An ab initio investigation of the temperature-dependent energetic barriers towards CrAlB and (Mo,Cr)AlB formation in a metastable synthesis scenario

The orthorhombic CrAlB MAB phase has not been synthesized so far and was shown to be energetically unstable vs. the competing Cr2AlB2 phase in previous theoretical reports, which, however, did not explicitly investigate the magnitude of the energetic barrier towards CrAlB formation as a function of temperature. Temperature-dependent Gibbs energies of formation, obtained from density-functional-theory-based lattice dynamics simulations performed in this study, reveal that this barrier is very small (around 10 kJ mol(-1) approximate to 0.008 eV per atom, on average) and may readily be overcome during high-energy synthesis scenarios, likely resulting in metastable phase formation. Furthermore, the electronic structures of MoAlB, a phase synthesized experimentally both in bulk and thin film form, and CrAlB are shown to be similar in direct comparison, with MoAlB exhibiting a higher electronic stability due to a local DOS minimum in proximity to the Fermi level, and quaternary compositions lying between the ternaries. Likewise, bonding characteristics are qualitatively very similar between both phases, with the transition metal-boron bonds being the dominant interaction in the entire unit cell, even though individual B-B bonds are stronger; quantitatively, all interactions are again stronger in MoAlB compared to CrAlB. It is reasonable to assume that, considering the successful synthesis of phase-pure MoAlB and known formation of metastable phases during physical vapor deposition, direct synthesis of metastable CrAlB thin films is possible due to the aforementioned small energy barrier.
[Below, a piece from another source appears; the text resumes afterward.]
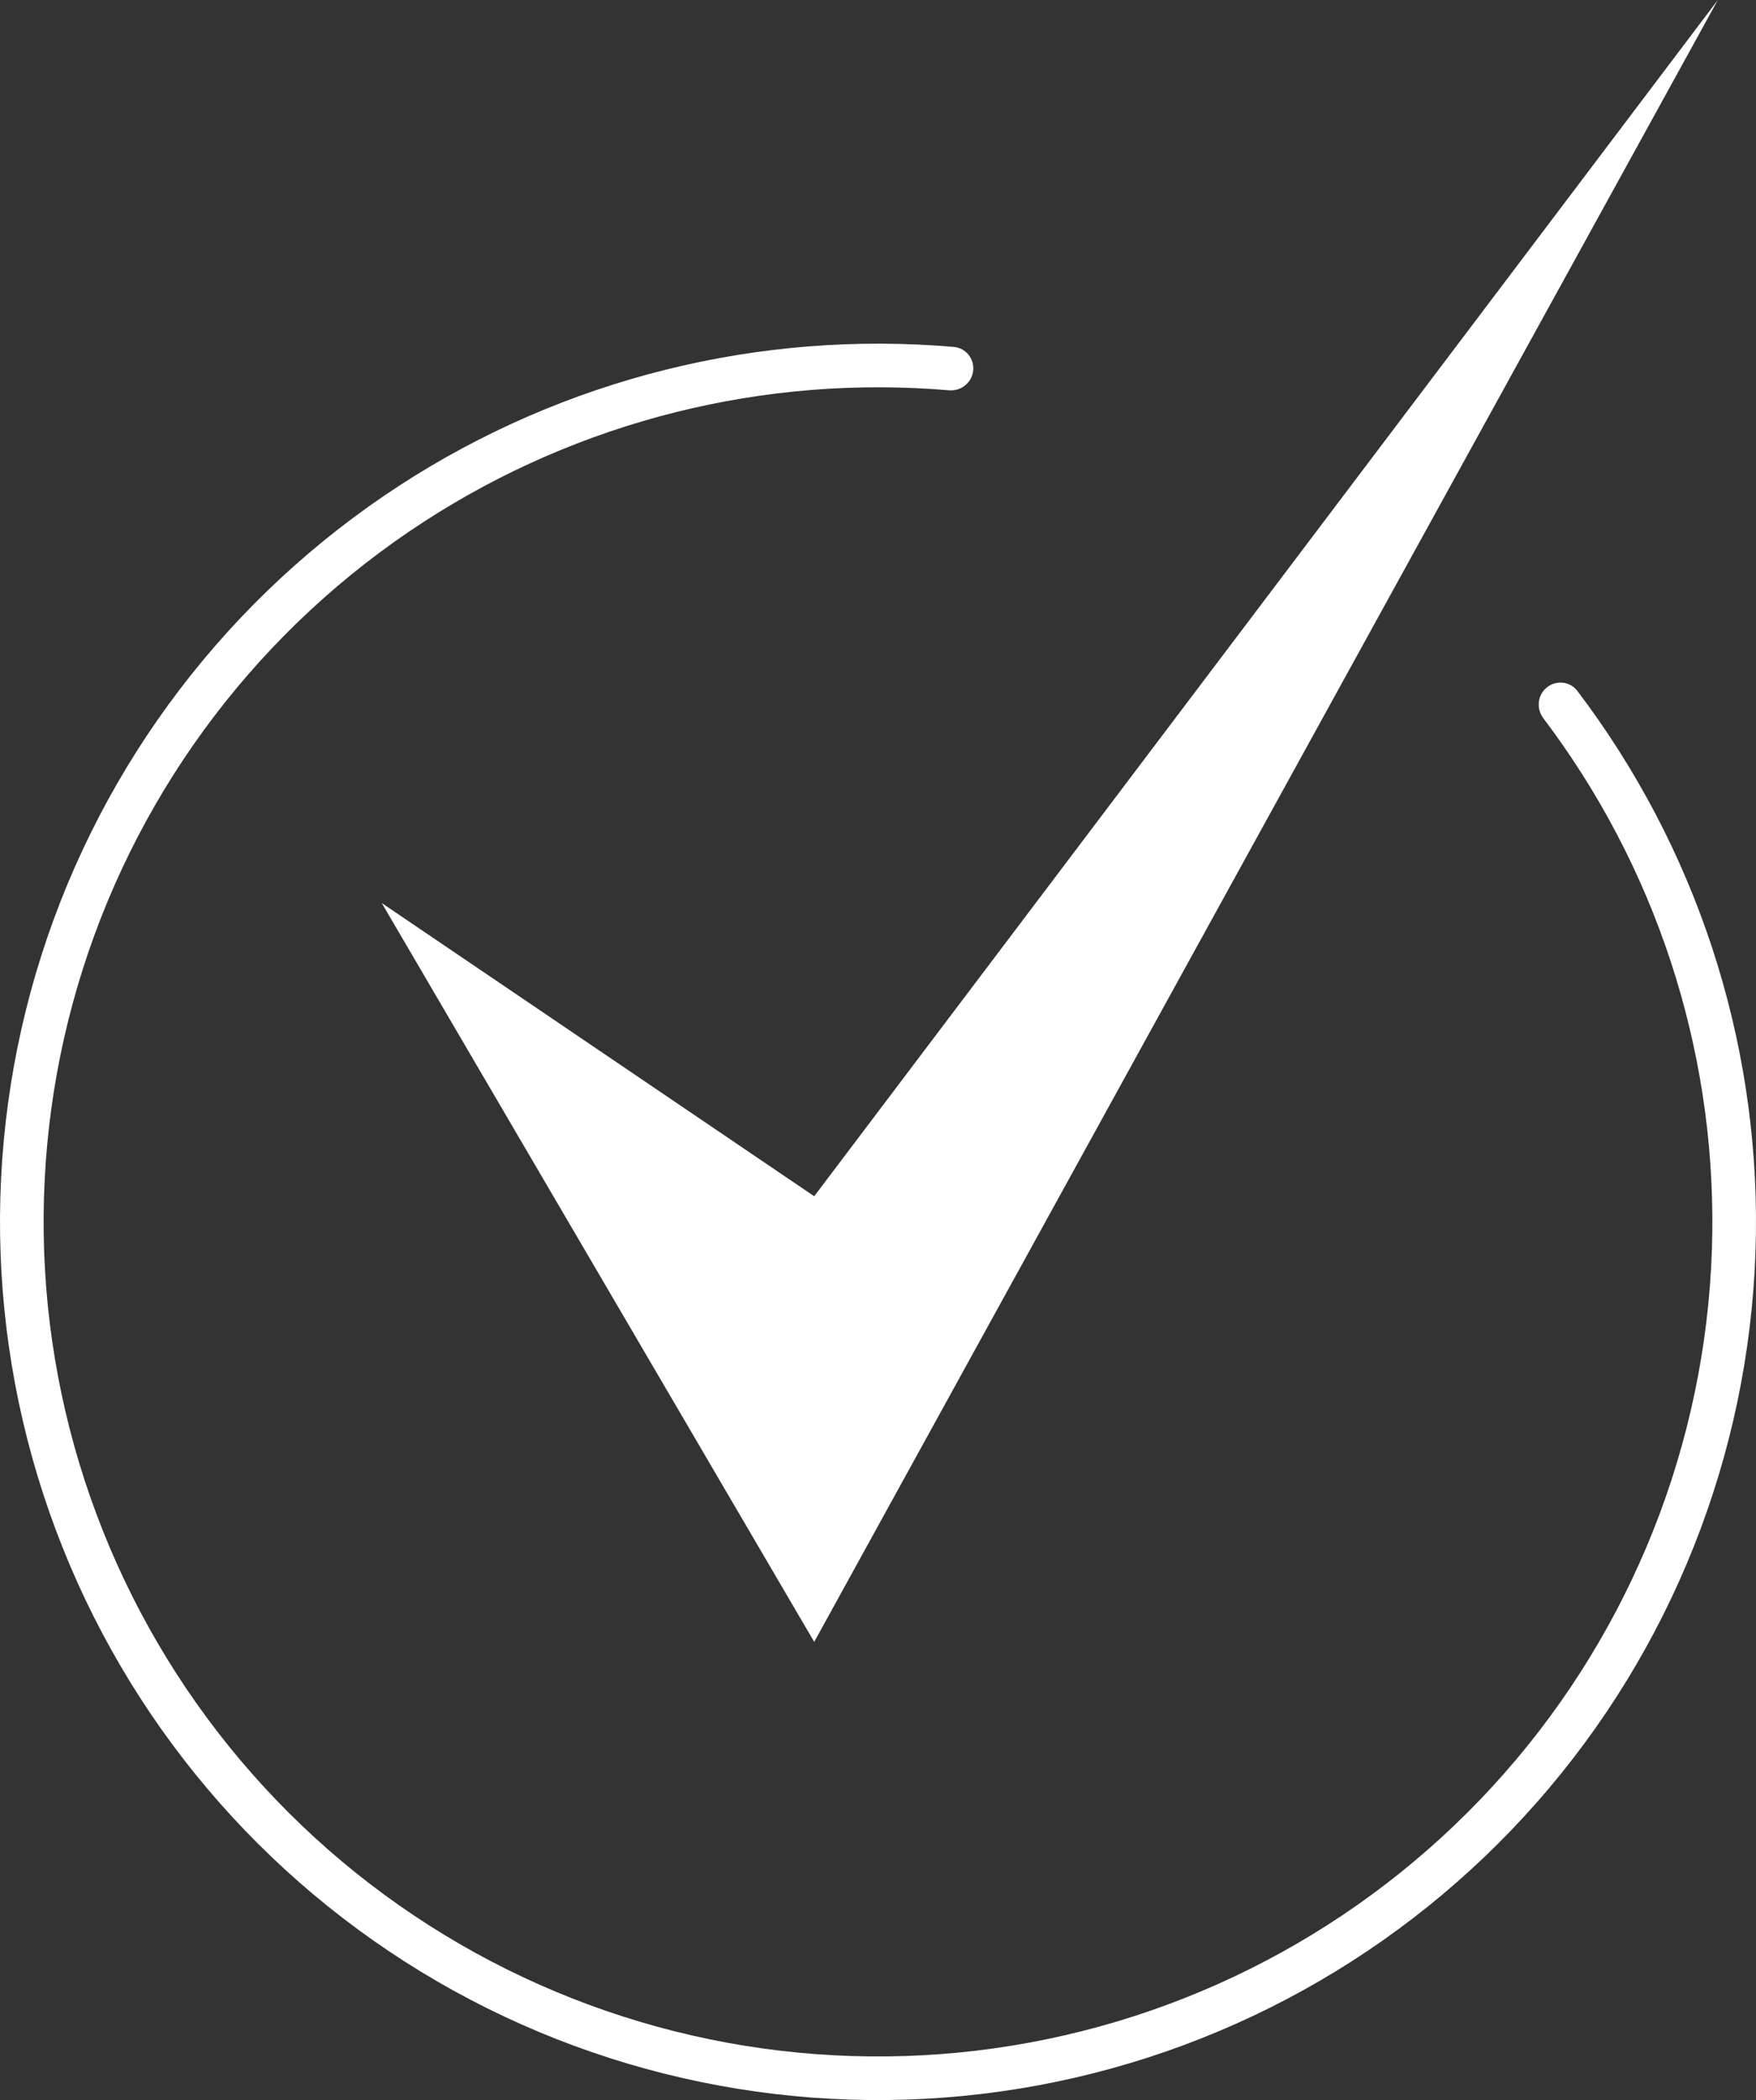 <?xml version="1.0" encoding="UTF-8"?> <svg xmlns="http://www.w3.org/2000/svg" width="46" height="55" viewBox="0 0 46 55" fill="none"><rect x="0" y="0" width="46" height="55" fill="#333333" stroke="none"/><path d="M40.524 18.001C40.77 17.804 41.13 17.844 41.321 18.096C44.416 22.174 46.066 27.173 45.998 32.303C45.928 37.624 44.015 42.756 40.585 46.824C37.156 50.893 32.421 53.646 27.189 54.615C21.957 55.584 16.551 54.709 11.891 52.139C7.232 49.569 3.608 45.463 1.637 40.521C-0.335 35.578 -0.531 30.105 1.08 25.034C2.692 19.962 6.012 15.607 10.475 12.709C14.778 9.915 19.887 8.644 24.988 9.086C25.302 9.113 25.528 9.397 25.493 9.71V9.71C25.458 10.024 25.175 10.249 24.861 10.222C20.023 9.809 15.179 11.018 11.098 13.668C6.856 16.421 3.701 20.561 2.169 25.38C0.638 30.199 0.824 35.4 2.698 40.097C4.571 44.794 8.015 48.697 12.443 51.139C16.871 53.581 22.009 54.413 26.981 53.492C31.953 52.571 36.452 49.954 39.712 46.088C42.971 42.222 44.789 37.345 44.855 32.288C44.92 27.423 43.358 22.68 40.428 18.809C40.238 18.557 40.277 18.198 40.524 18.001V18.001Z" fill="white"></path><path d="M21.329 43L10 23.65L21.329 31.329L45 3.8147e-06L21.329 43Z" fill="white"></path></svg> 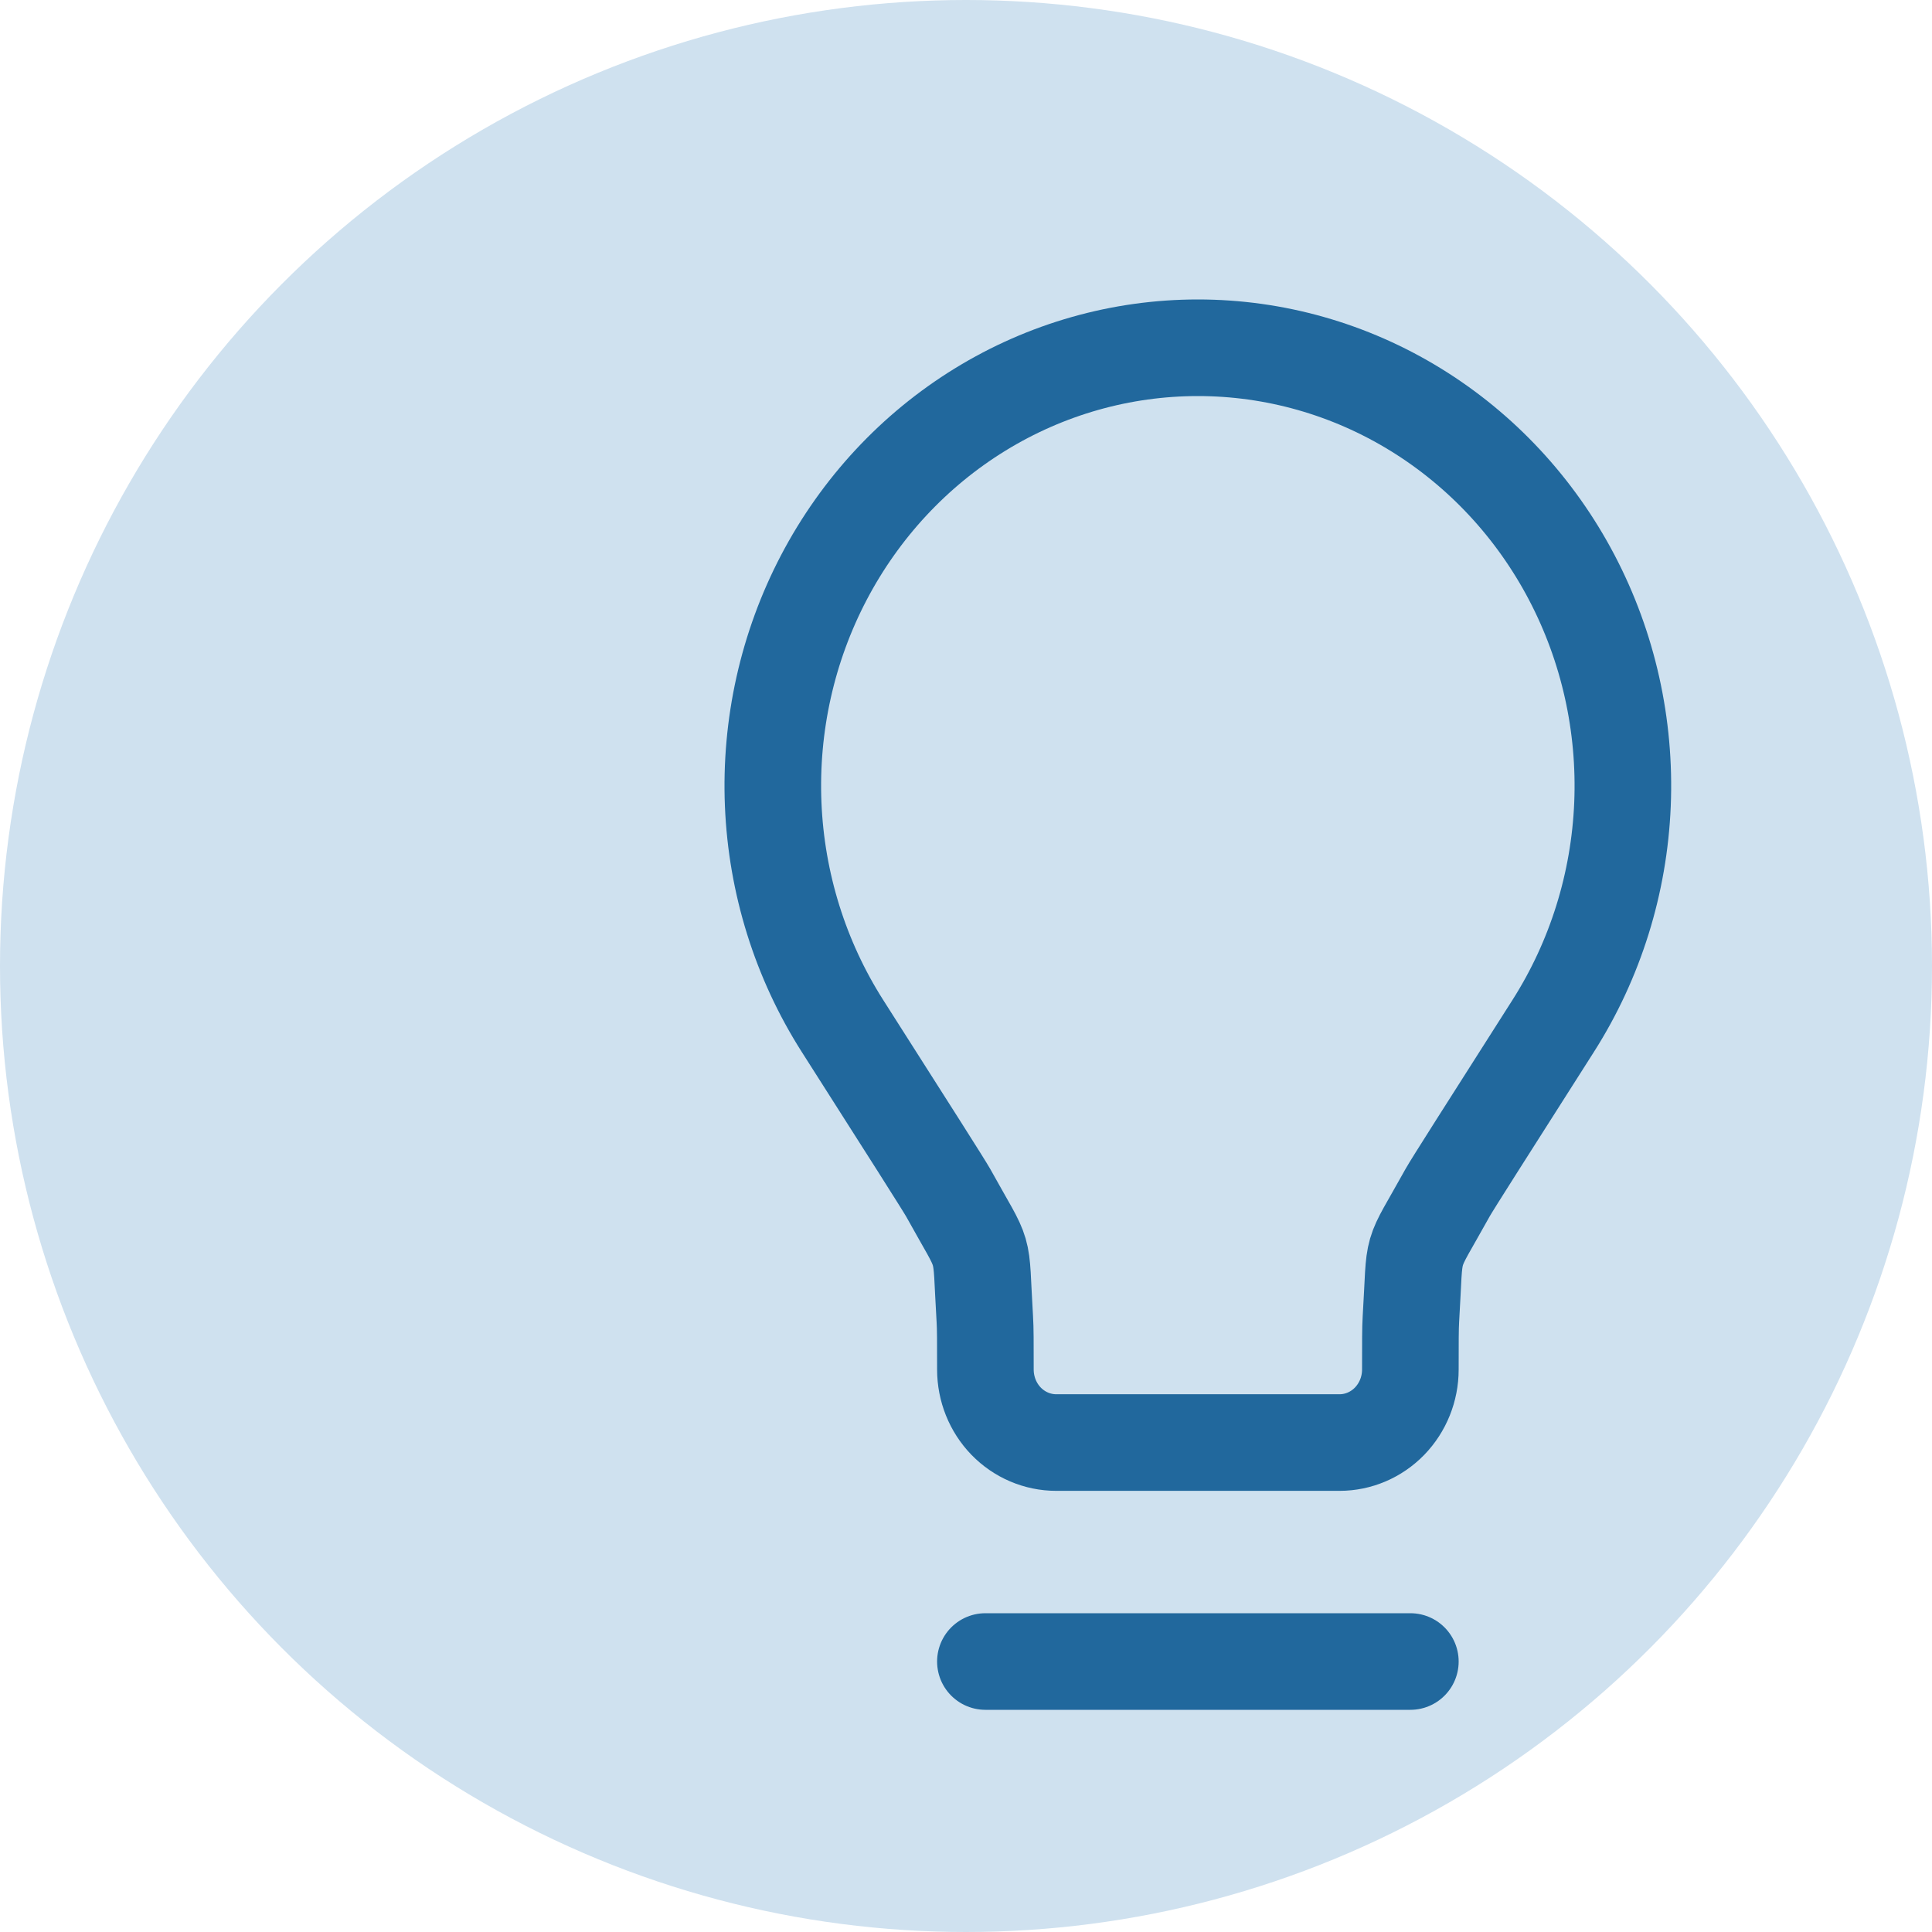<svg width="50" height="50" viewBox="0 0 50 50" fill="none" xmlns="http://www.w3.org/2000/svg">
<circle cx="25" cy="25" r="25" fill="#CFE1EF"/>
<path d="M25.502 43H36.5M31.001 9C29.017 9 27.07 9.552 25.366 10.599C23.662 11.646 22.265 13.148 21.322 14.946C20.379 16.745 19.926 18.773 20.01 20.815C20.094 22.857 20.713 24.838 21.801 26.548C23.549 29.29 24.422 30.662 24.538 30.866C25.546 32.689 25.36 32.046 25.487 34.141C25.502 34.375 25.502 34.732 25.502 35.444C25.502 35.945 25.695 36.426 26.038 36.78C26.382 37.134 26.849 37.333 27.335 37.333H34.667C35.153 37.333 35.619 37.134 35.963 36.78C36.306 36.426 36.5 35.945 36.5 35.444C36.5 34.732 36.5 34.375 36.514 34.141C36.643 32.044 36.454 32.689 37.464 30.866C37.577 30.662 38.453 29.29 40.2 26.546C41.288 24.836 41.906 22.856 41.99 20.814C42.074 18.772 41.621 16.744 40.678 14.946C39.735 13.148 38.338 11.646 36.634 10.599C34.931 9.552 32.984 9 31.001 9Z" stroke="#21689D" stroke-width="2.5" stroke-linecap="round" stroke-linejoin="round"/>
</svg>

Furthermore, stability is enhanced upon alloying with Mo as this lowers the energy of formation, with a Mo/Cr ratio of approx. 0.33 sufficient to stabilize the Cr-rich (Mo,Cr)AlB solid solution vs. the primary competing phases, allowing for deposition of Mo-concentration-dependent stable and metastable (Mo,Cr)AlB solid solution phases.

Automated summary

This study reveals that the orthorhombic CrAlB MAB phase can be synthesized as a metastable phase with a low energy barrier. The electronic structures of MoAlB and CrAlB are similar, but MoAlB is more electronically stable. Both phases exhibit similar bonding characteristics, with the transition metal-metal bonds being the dominant interaction. It is possible to directly synthesize metastable CrAlB thin films, and the stability can be enhanced by alloying with Mo.